(Recorded data)

::::::::::

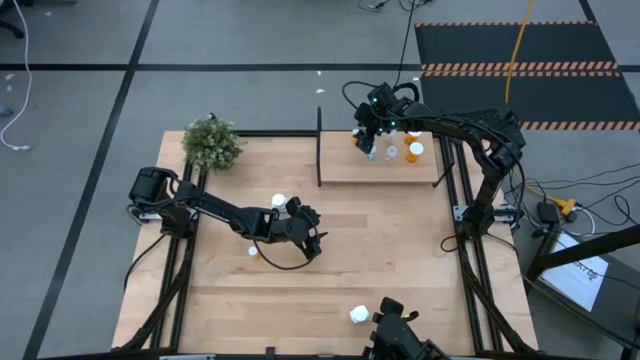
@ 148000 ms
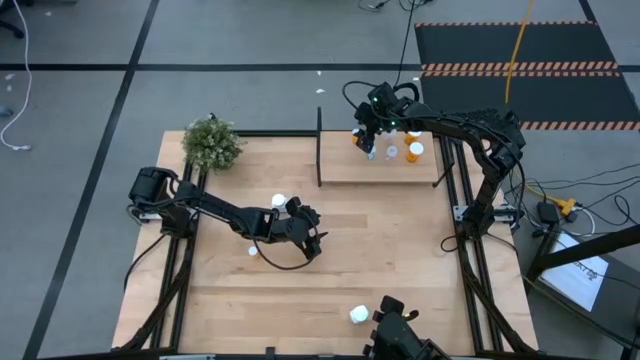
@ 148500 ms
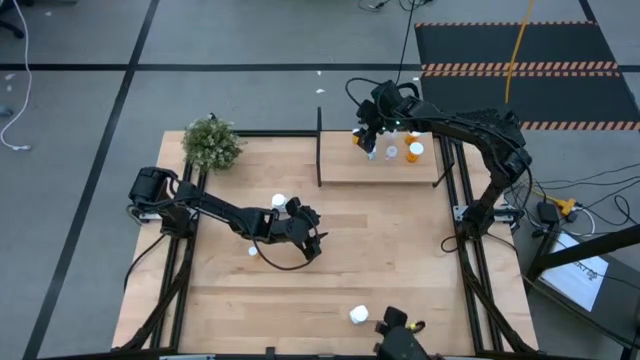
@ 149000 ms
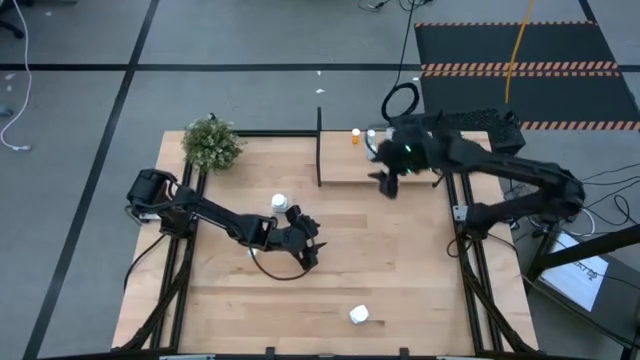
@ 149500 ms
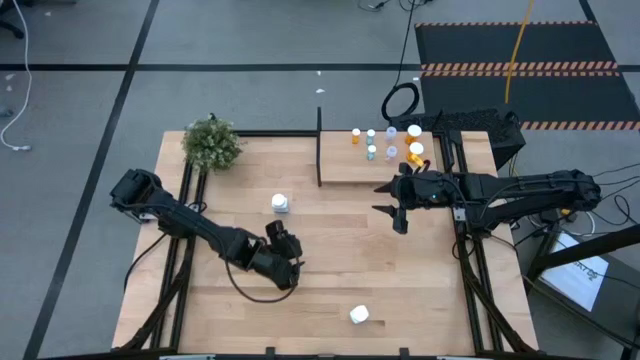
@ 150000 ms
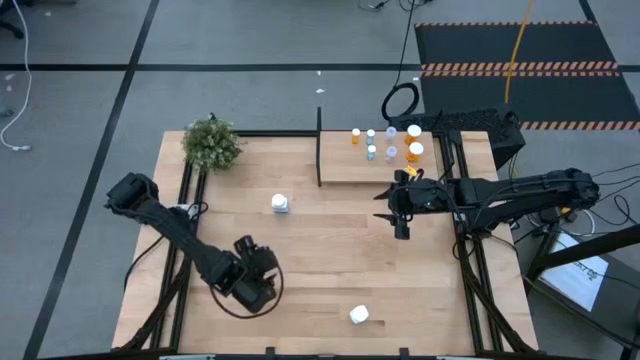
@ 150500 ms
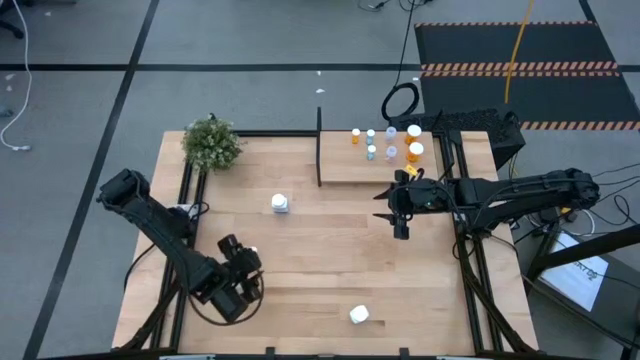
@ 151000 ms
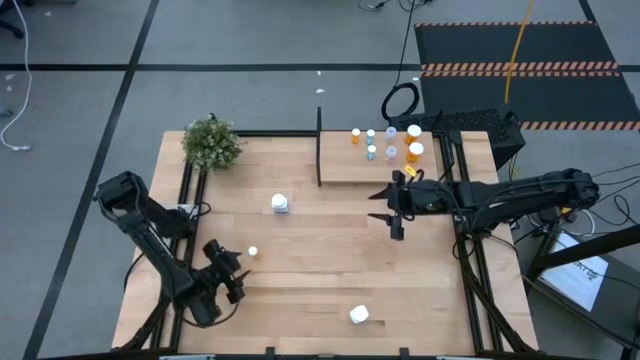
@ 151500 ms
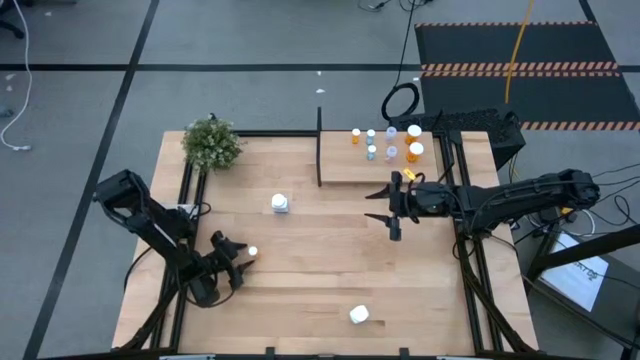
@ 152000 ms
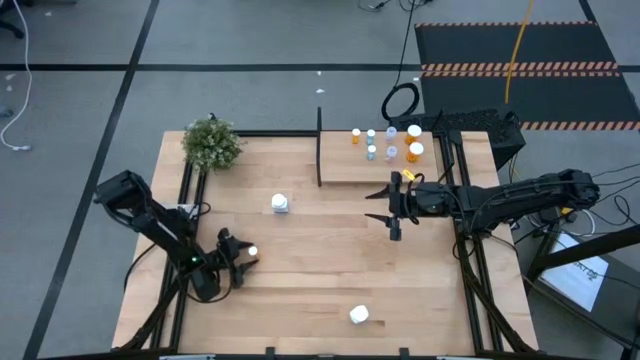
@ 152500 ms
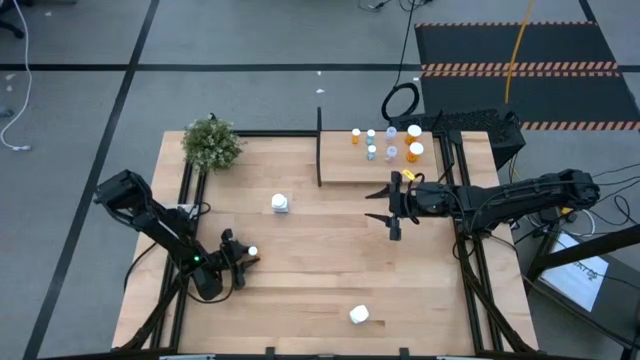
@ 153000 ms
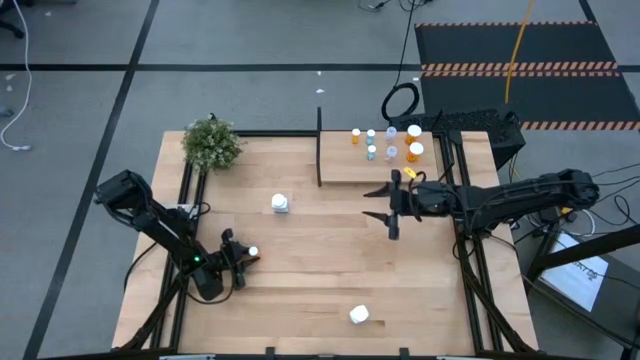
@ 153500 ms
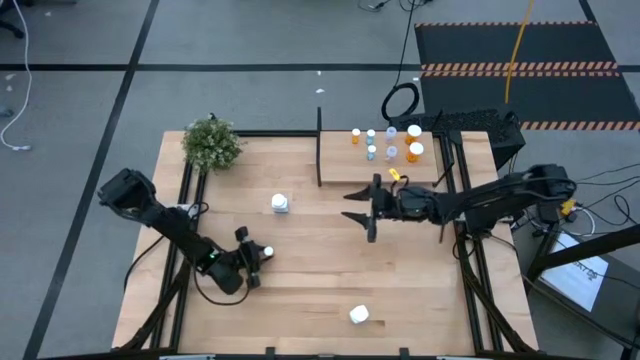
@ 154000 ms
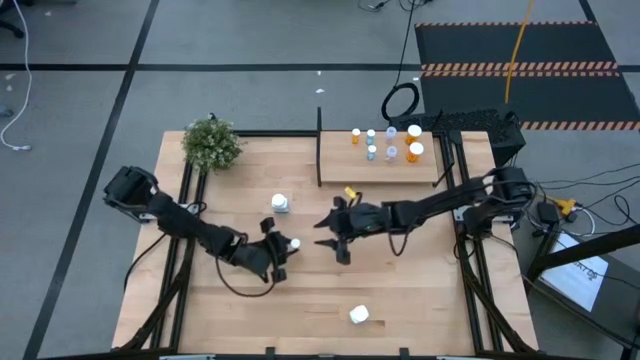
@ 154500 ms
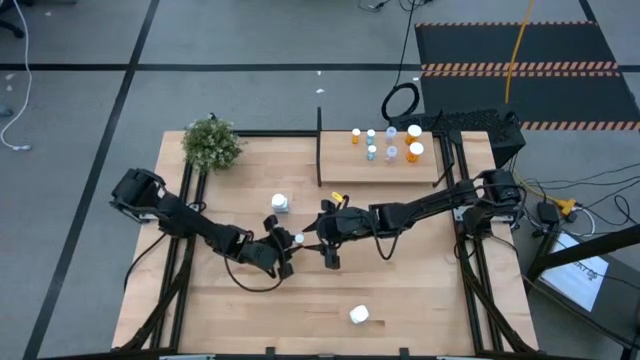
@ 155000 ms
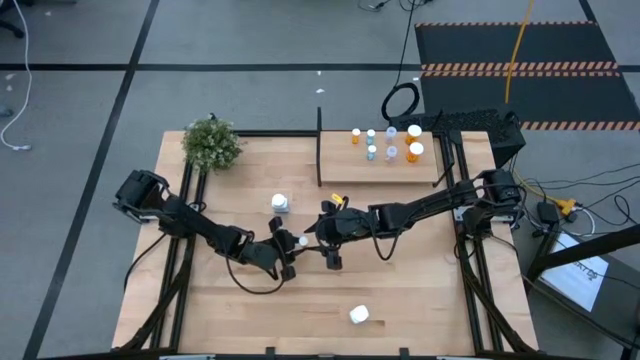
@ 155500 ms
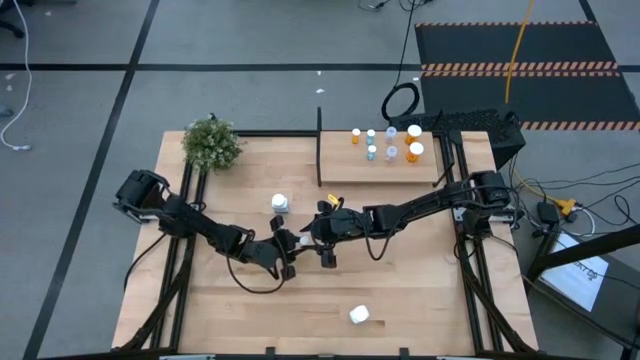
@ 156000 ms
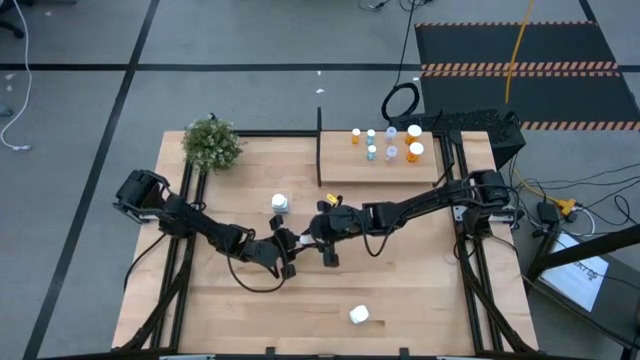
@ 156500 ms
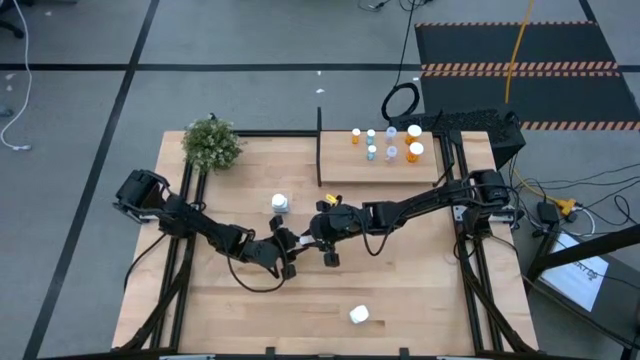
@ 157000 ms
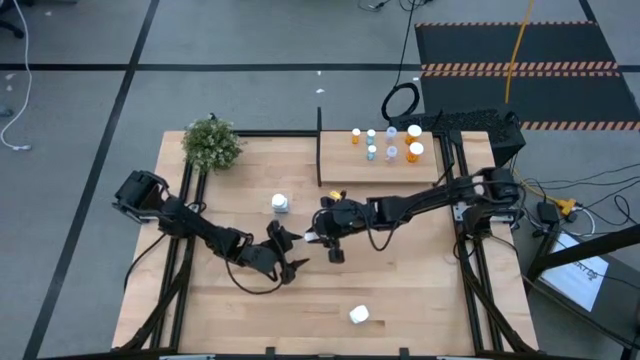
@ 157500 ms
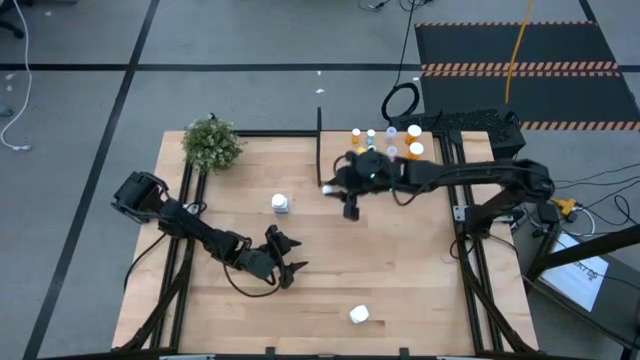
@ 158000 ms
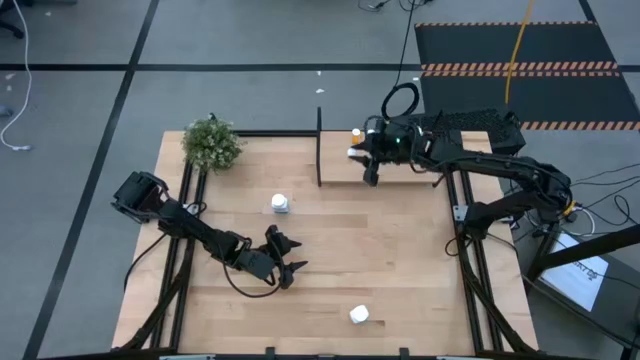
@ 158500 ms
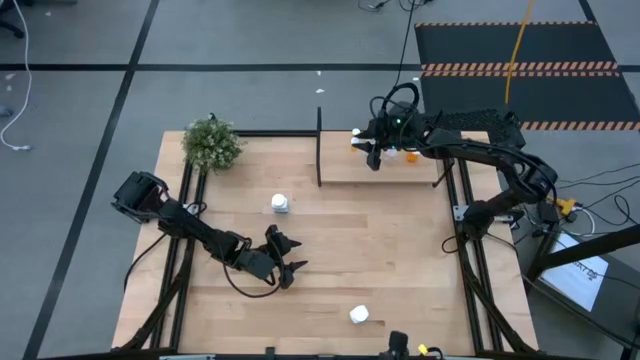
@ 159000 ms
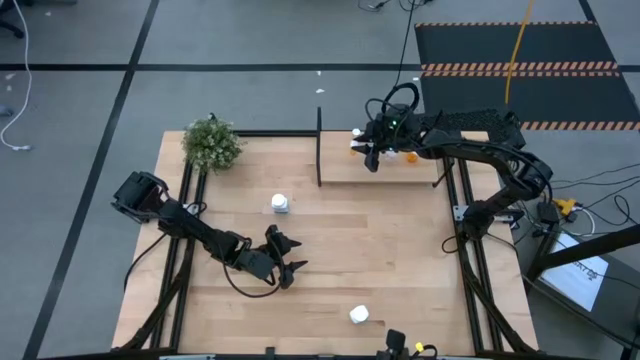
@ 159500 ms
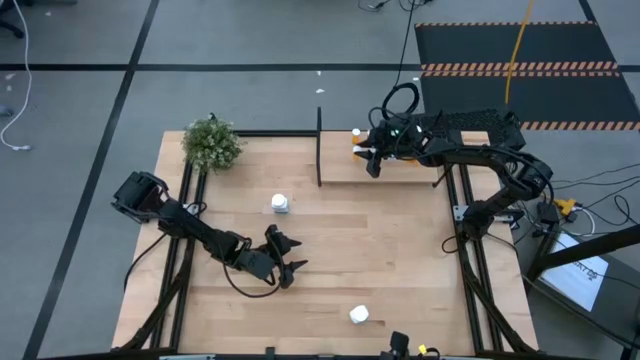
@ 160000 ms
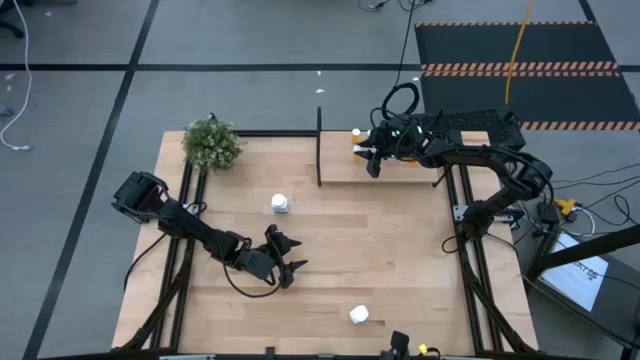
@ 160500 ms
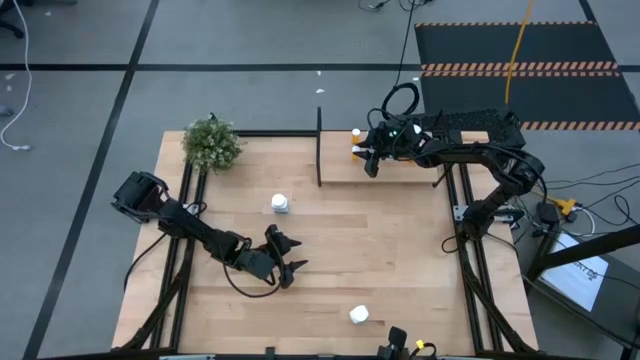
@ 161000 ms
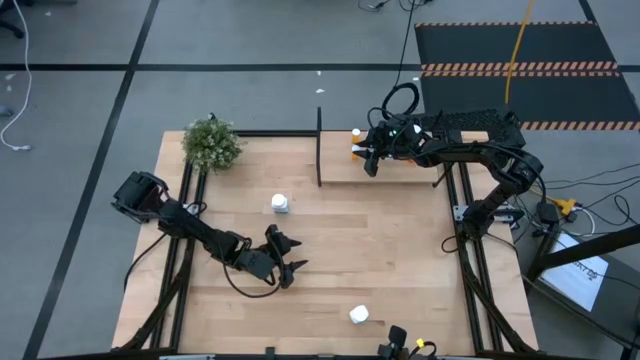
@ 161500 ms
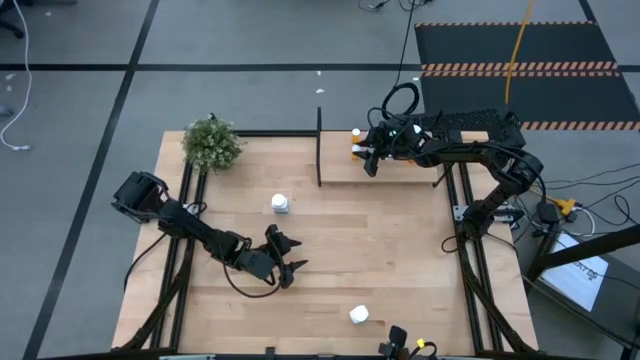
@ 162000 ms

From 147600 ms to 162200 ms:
Task: Pick and place medicine bottles onto shelf by color
Put the small orange pill bottle on the shelf aligned with the other small orange pill bottle

::::::::::

= YOUR INSTRUCTIONS =
What is needed is every entry written out word for word, with no pictures.

= RESULT FOR THIS EXERCISE =
@ 148000 ms
@ 148500 ms
@ 149000 ms
@ 149500 ms
@ 150000 ms
@ 150500 ms
@ 151000 ms
@ 151500 ms
@ 152000 ms
@ 152500 ms
@ 153000 ms
@ 153500 ms
@ 154000 ms
@ 154500 ms
@ 155000 ms
@ 155500 ms
@ 156000 ms
@ 156500 ms
@ 157000 ms
@ 157500 ms
@ 158000 ms
@ 158500 ms
@ 159000 ms
@ 159500 ms
@ 160000 ms
@ 160500 ms
@ 161000 ms
@ 161500 ms
@ 162000 ms

From 147600 ms to 162200 ms:
Task: Pick and place medicine bottles onto shelf by color
Put the small orange pill bottle on the shelf aligned with the other small orange pill bottle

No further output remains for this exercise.